Looking at the breakdown of household sizes, this gradual decrease is due to the disappearance of large families and the emergence of the single person household.

In order to determine whether the one person households have been increasing purely due to an aging population, the breakdown in one person households by gender is informative.  If the trend is age driven, single female households should be increasing at a rate much higher than single male households due to the greater female life expectancy.  This is not actually the case, so the increase in single person households is likely preference driven.

The preference for single households increases the nonfamily households as a percent of total households.

 

Non-family households have increased even faster than the percent of one person households.  This may be due to an increased preference of cohabitation over marriage or due to a rising economic necessity for people to have roommates.

It isn’t just nonfamily households that are saving money on rent, a larger percentage of married households than before do not have their own household.
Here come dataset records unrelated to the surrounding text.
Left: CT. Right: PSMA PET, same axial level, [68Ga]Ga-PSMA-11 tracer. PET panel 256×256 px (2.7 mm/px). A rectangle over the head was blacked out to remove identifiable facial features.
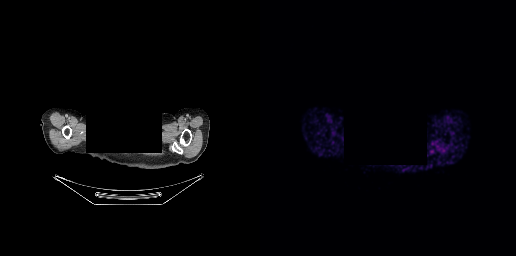
This slice has no annotated PSMA-avid lesion.
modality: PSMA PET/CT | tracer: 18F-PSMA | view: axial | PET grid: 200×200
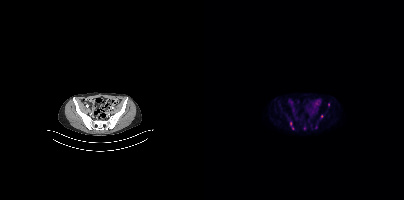
Coordinates are on the 200×200 PET (right) panel. Small PSMA-avid foci (2 to 4 px across) near (center x, center y): (117, 116) | (124, 104).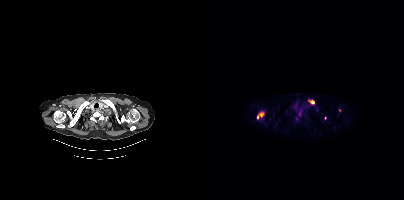
Findings: Coordinates are on the 200×200 PET (right) panel. (showing 6 of 8 foci) PSMA-avid tumor lesion bounding boxes (x0,y0,x1,y1): [53,112,60,118], [105,100,110,103]. Small PSMA-avid foci (2 to 4 px across) near (center x, center y): (113, 109), (69, 113), (135, 110), (95, 113).
Technique: Paired axial CT (left) and PSMA PET (right), 18F-PSMA tracer. PET panel 200×200 px (4.1 mm/px).
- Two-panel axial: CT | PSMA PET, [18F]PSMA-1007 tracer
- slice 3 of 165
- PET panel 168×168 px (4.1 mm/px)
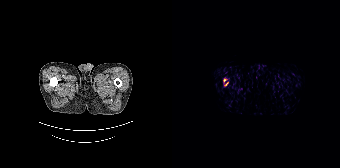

These households are most likely living in the house of one of their parents. In bad economic times, this trend is likely to continue.

Even though household sizes have remained relatively constant, families with young children have also decreased as a percent of the total. This is due to both to the aging of the population as well as a decrease in the propensity of the average couple to have children.

Overall, it does look like the decrease in children in our society is due both the decrease in family size and the increasing prevalence of one person households.  The decrease in family size may be a reallocation of investment, but the decision not to have children is more likely to be both a cause and a symptom of present oriented behavior.  

Another Way to Measure Time Preference

The time preference of a society is important to understand because if there isn’t much future oriented activity, then the future is going to be worse than the present.  There are many ways to look at the time preference of a population. The rate of interest, the savings rate, survey data, or even trying to gauge the propensity of the population to engage in short term unproductive activities.  Some people point to the obesity rate as a measure of inability of the average American to think about the future.  One interesting and underappreciated method of looking at the time preference of society as a whole is to see how many people have life expectancies lower than twenty years. Life expectancy is a better measure than pure age because an aging healthy population is more likely to look to the future than a young population that dies early. The population data was taken from the UN World Population Prospects 2008 database* and the life expectancy data is from U.S. Decennial Life Tables at the US Census Bureau. For the life expectancy data, I used basic linear interpolations and projections to create estimates of life expectancy in 2010 and 2030 and created the following chart.

If people with kids are more future oriented than people without children, then the situation is actually much worse than it appears. The below chart doesn’t adjust for the change in average household size, but it does show that the amount of children in society is dropping.

 

By both of these metrics and assuming that there isn’t any breakthrough in life extension technology in the near term, the U.S. is going to become more short term oriented in the future. On a demographic basis, the US is in a better position than Japan and much or Europe, so the problems there can be assumed to be even more severe. Compared to Europe, the US even has a higher life expectancy after the age of 65. The pattern of developed countries using short term solutions that only address the symptoms of actual long term problems is going to get worse. 

 

* The population data has age groups in 5 year increments, and when the cut off for 20 year life expectancy was between these 5 year increments it was assumed that each year contained one fifth of the total in that age group in order to simplify the calculations. Voting age was assumed to be twenty and up to both simplify the calculation and to partially adjust for the lack of participation of younger voters.